The head 71 at the second end of the cylinder 72 is suitable for a part of air being directed to cylinder 72 Inner cavity 722 in so that the strike body 73 move.It hits movement of the body 73 in cylinder 72 and produces the vibration of cylinder 72 Movement.As known to the skilled person, the vibration motion is passed to impactor or beating device 6.

With guidance into the interior room 32 of sheath body 3, air for keeping movement mechanism 7 mobile is by means of outlet loop 5 Exhaust, the air are discharged and including exit opening 51 in the outlet loop 5 from the interior room 32 of sheath body 3.

The air of the inner cavity 722 of cylinder 72 is come by the exhaust hole 724 that is formed in the cylinder 72 from institute State the discharge of inner cavity 722.

Due to movement mechanism 7 be to those skilled in the art it is well known, so being not further described in the text Movement mechanism 7.

In a preferred embodiment, the bushing 64 is made of two assemblnig half-shell portions, such as institute in fig. 2 Show.Moreover, the bushing is made of polyester fiber rubber material such as elastic piece (adiprene).

In a kind of exemplary but unrestricted embodiment, hammer 2 itself includes the vibration for measuring moving loop 7 The measurement circuit 8 of frequency.

Construction is explained in more detail, the sheath body 3 is formed into a single-piece, which preferably includes described Flange connector 36.The sheath body is made by using molding or chill casting process.

As mentioned above, in hammer 2 according to the present invention, sheath body 3 is made of aluminium alloy.

The specific gravity of the aluminium alloy is greater than or equal to 2.60kg/dm³(kilogram every cubic decimeter).The specific gravity of the aluminium alloy Also less than or equal to 2.85kg/dm³。

This unique specific gravity range of alloy according to the present invention is far below the distinctive specific gravity 7kg/dm of cast iron³It is close Like value, cast iron is used in the prior art for manufacturing the material of the sheath body.The alloy makes the gross weight for alleviating hammer 2 About 2/3rds of amount.

The alloy has the aluminium of at least 83% weight percent.

The alloy has the aluminium of the weight percent lower than 98%.

Generally, the specific gravity of alloy is included between 2.64kg/dm³With 2.86kg/dm³Between, it is preferably ranges between 2.65kg/dm³With 2.85kg/dm³Between.Also, the weight percent of aluminium is included between 83% and 98%, preferably Between 91% and 96%.

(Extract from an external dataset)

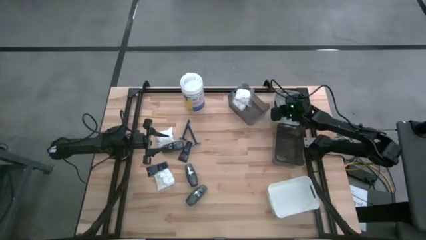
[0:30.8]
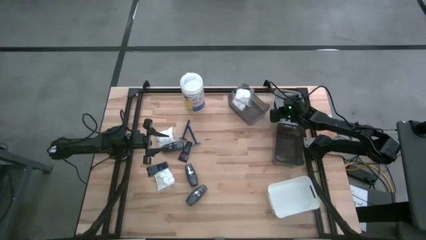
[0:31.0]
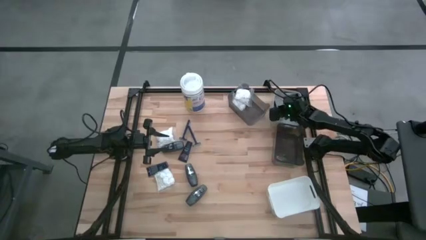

Preferably, alloy includes at least one alkaline earth chemical element, such as magnesium.

In addition, alloy preferably includes Semiconductor Chemistry element, such as silicon.

In a preferred embodiment, in the aluminium alloy for sheath body 3 according to the present invention to be made, silicon is used as partly leading Body material and magnesium is used as alkaline earth element.

Alloy includes aluminium, silicon and magnesium.

In a kind of possible embodiment, the weight percent of alloy is as follows:

Aluminium 91.2%-95.8%

Silicon 4%-8%

Magnesium 0.2%-0.8%.

Generally, in the illustrative embodiments of aluminium alloy, the percentage of silicon is included between 4% and 8%, And the percentage of magnesium is included between 0.2% and 0.8%.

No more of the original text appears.